1) Introduction
Starting with the 0.9.7
version released in March 2020,
the naivebayes
R package introduces specialized
implementations of the Naïve Bayes model that support sparse matrices.
These implementations include:
-
multinomial_naive_bayes()
: Specifically designed for multinomial data, this function handles cases where the features are discrete and have multiple categories (e.g., word counts for text classification). -
bernoulli_naive_bayes()
: Ideal for binary data, this function handles cases where the features are binary (0 or 1). -
poisson_naive_bayes()
Tailored for count data, this function is suitable for situations where the features represent counts or frequencies. -
gaussian_naive_bayes()
: Suitable for continuous data, this function assumes that the features follow a Gaussian (normal) distribution.

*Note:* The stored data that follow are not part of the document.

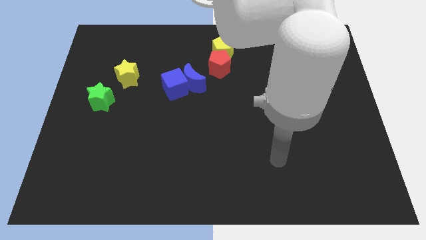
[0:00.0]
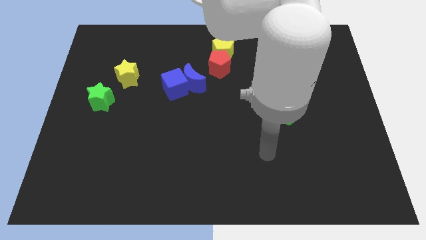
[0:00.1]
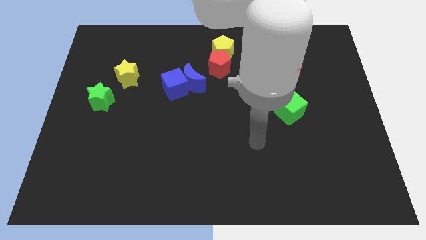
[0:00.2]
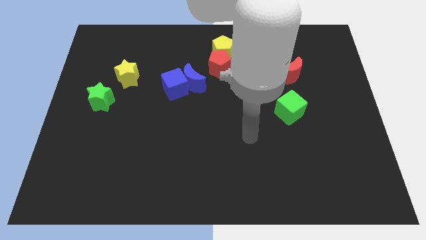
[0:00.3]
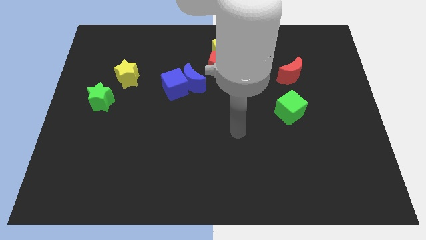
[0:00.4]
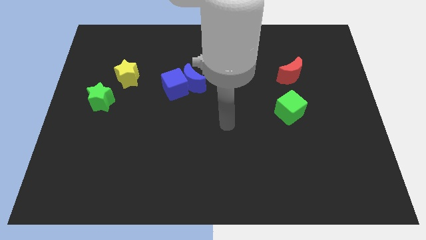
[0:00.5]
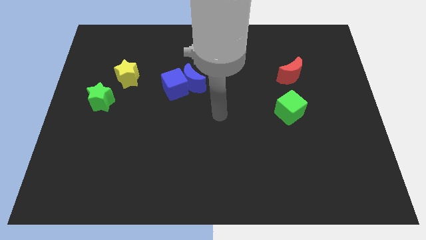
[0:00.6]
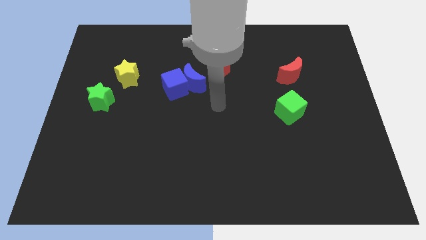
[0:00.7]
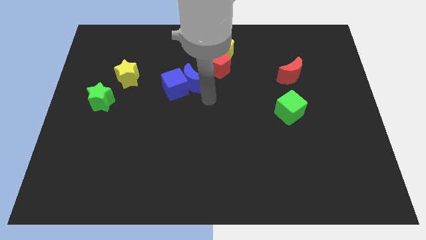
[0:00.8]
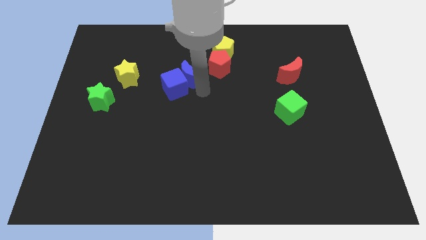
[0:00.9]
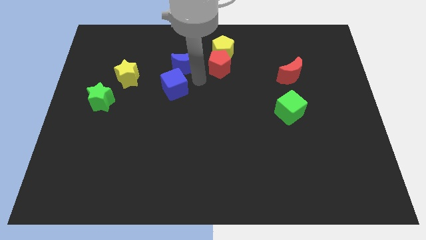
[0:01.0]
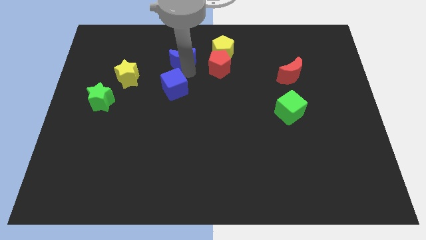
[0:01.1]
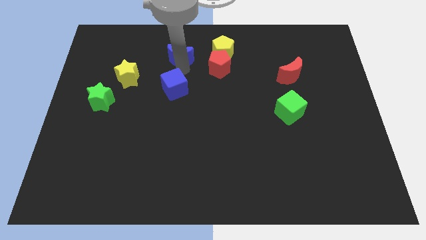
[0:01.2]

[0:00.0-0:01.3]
move the blue cube away from the blue moon

Note: nonparametric_naive_bayes
currently does not support sparse matrices.
These specialized functions are optimized to take advantage of
sparsity, which can significantly enhance computational efficiency. To
leverage this capability, users can provide the functions with a matrix
of class dgCMatrix
from the excellent Matrix
1 package.
Importantly, this new functionality has been introduced without any
breaking changes and aligns with the no-dependency philosophy of the
naivebayes project. Users can seamlessly incorporate sparse matrices
into their Naïve Bayes modeling workflow, enhancing performance while
maintaining compatibility with existing code.
2) Usage
In the provided example, we showcase the training of a Multinomial Naive Bayes model using a simulated sparse matrix. The code snippet demonstrates the steps involved in preparing the data, training the model, and making predictions.

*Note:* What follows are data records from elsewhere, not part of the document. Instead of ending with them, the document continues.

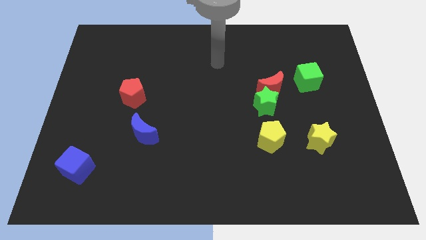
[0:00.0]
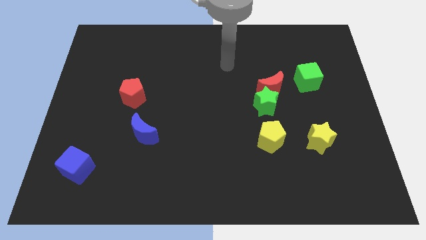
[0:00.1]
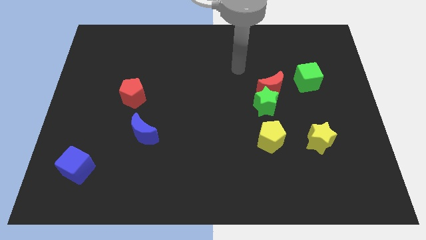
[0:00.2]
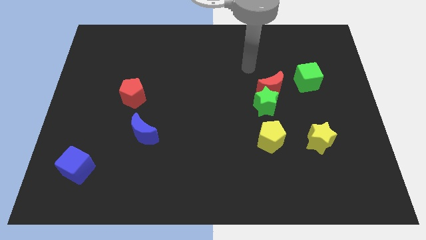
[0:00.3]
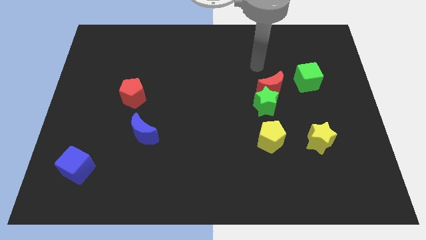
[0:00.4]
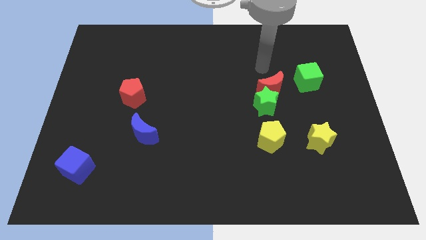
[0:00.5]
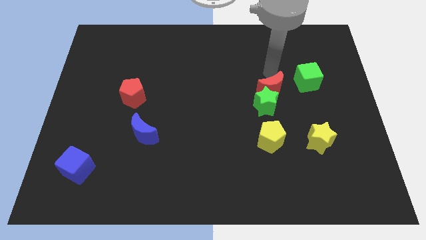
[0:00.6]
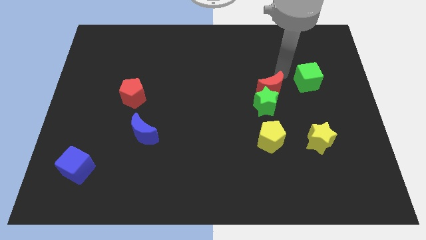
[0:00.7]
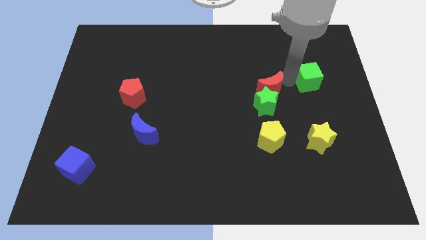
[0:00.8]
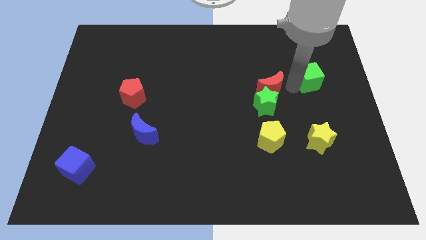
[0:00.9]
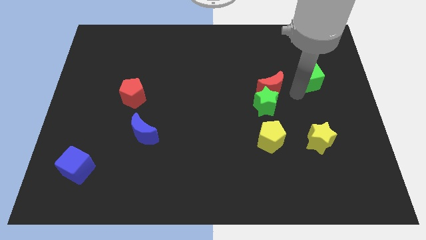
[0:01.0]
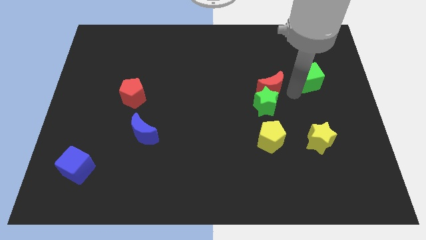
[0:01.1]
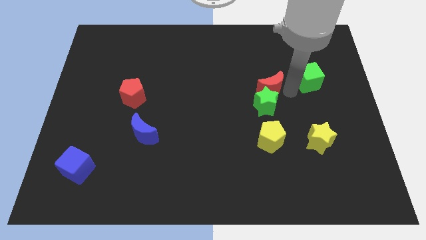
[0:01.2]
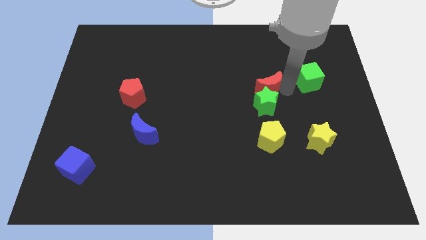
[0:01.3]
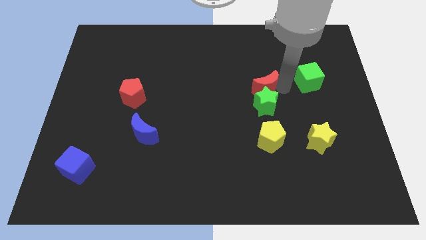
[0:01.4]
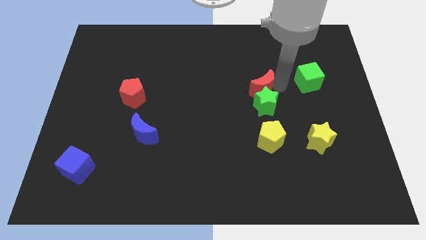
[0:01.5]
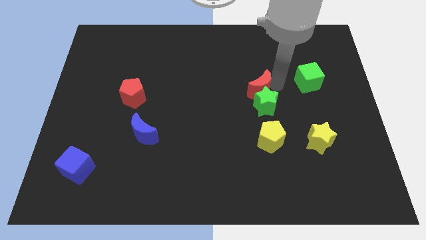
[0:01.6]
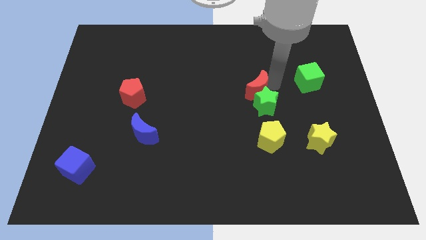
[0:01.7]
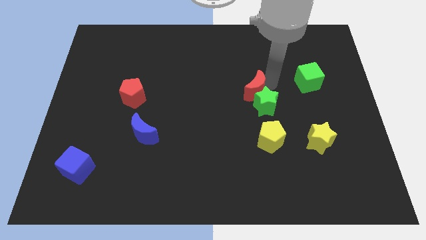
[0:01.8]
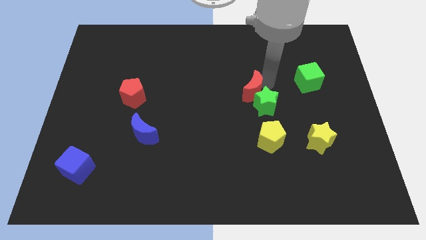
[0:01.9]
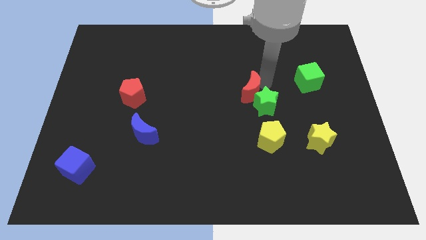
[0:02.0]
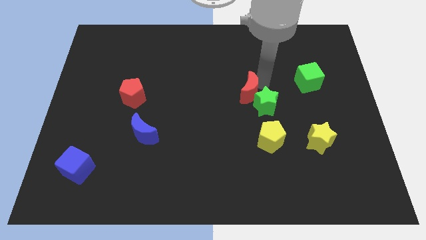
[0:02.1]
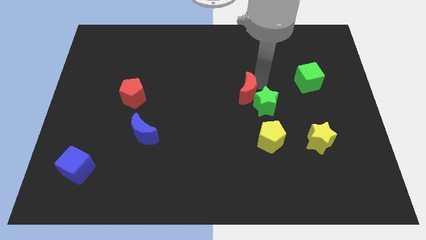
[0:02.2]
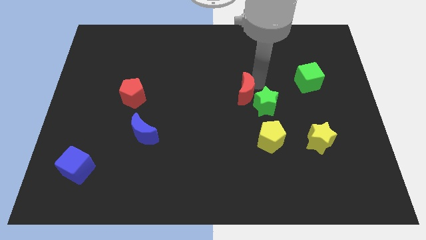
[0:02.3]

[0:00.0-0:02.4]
move the red moon away from the green star and green cube

# Simulate ~95% sparse matrix
cols <- 10 ; rows <- 100
M <- matrix(sample(0:5, rows * cols, TRUE, prob = c(0.95, rep(0.01, 5))), nrow = rows, ncol = cols)
y <- factor(sample(paste0("class", LETTERS[1:2]), rows, TRUE, prob = c(0.3,0.7)))

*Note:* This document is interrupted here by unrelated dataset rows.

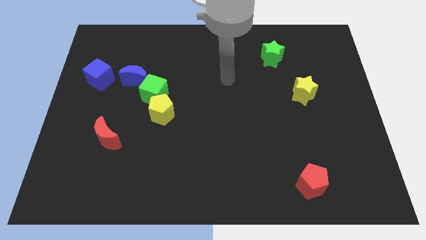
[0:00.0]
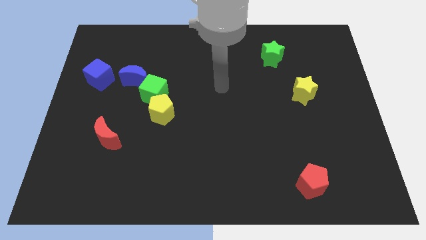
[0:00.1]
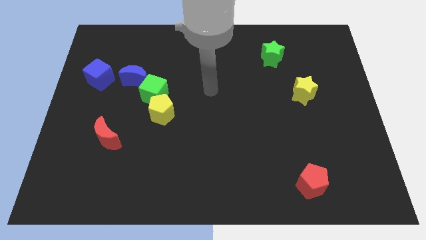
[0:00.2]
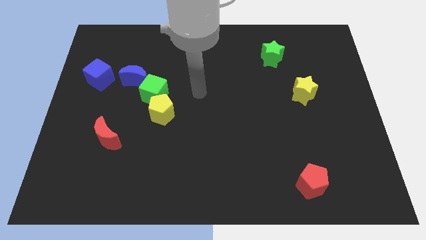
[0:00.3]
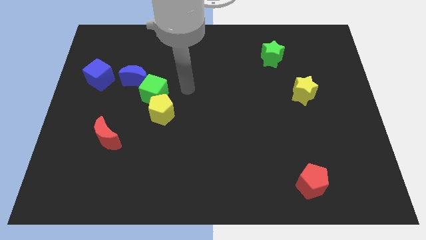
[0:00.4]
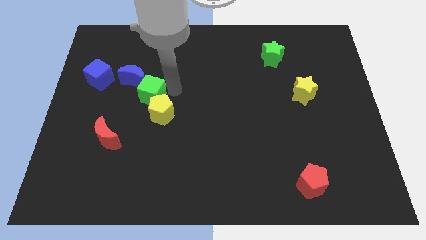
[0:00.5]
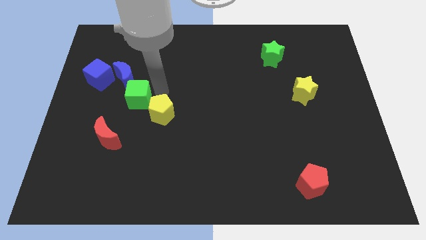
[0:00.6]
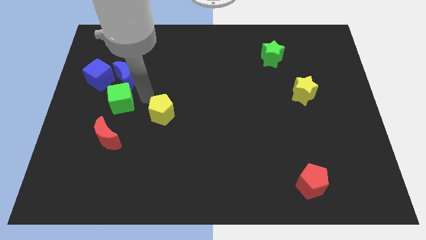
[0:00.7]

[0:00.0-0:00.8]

colnames(M) <- paste0("V", seq_len(ncol(M)))
# Check fraction of zeros
mean(M == 0)
## [1] 0.955
# Cast the matrix to "dgCMatrix" object
M_sparse <- Matrix::Matrix(M, sparse = TRUE)
### Train the Multinomial Naive Bayes and predict the training data
mnb <- naivebayes::multinomial_naive_bayes(x = M_sparse, y = y, laplace = 1)
head(predict(mnb, M_sparse))
## [1] classB classB classB classB classB classB
## Levels: classA classB
In the above code, we start by simulating a sparse matrix
M
with approximately 95% sparsity. The matrix has 100 rows
and 10 columns, filled with random values between 0 and 5. We also
generate a corresponding factor variable y
representing the
class labels.
Next, we check the fraction of zeros in the matrix to confirm its
sparsity level. We then cast the matrix M
into a
“dgCMatrix” object M_sparse
using the
Matrix::Matrix()
function, specifying the
sparse = TRUE
argument.
Afterward, we proceed to train the Multinomial Naive Bayes model
mnb
using the
naivebayes::multinomial_naive_bayes()
function. We provide
the sparse matrix M_sparse
as the input x
, and
the class labels y
. The laplace = 1
argument
is used to apply Laplace smoothing2 3 during model training.
Finally, we demonstrate making predictions on the training data using
the predict()
function, passing in the trained model
mnb
and the sparse matrix M_sparse
.
It’s important to note that the classifier and the corresponding
prediction function automatically recognize the sparse matrix and do not
require additional parameters. However, it’s worth mentioning that dense
matrices are not internally converted to the dgCMatrix
class. If required, such conversions need to be explicitly performed by
the user.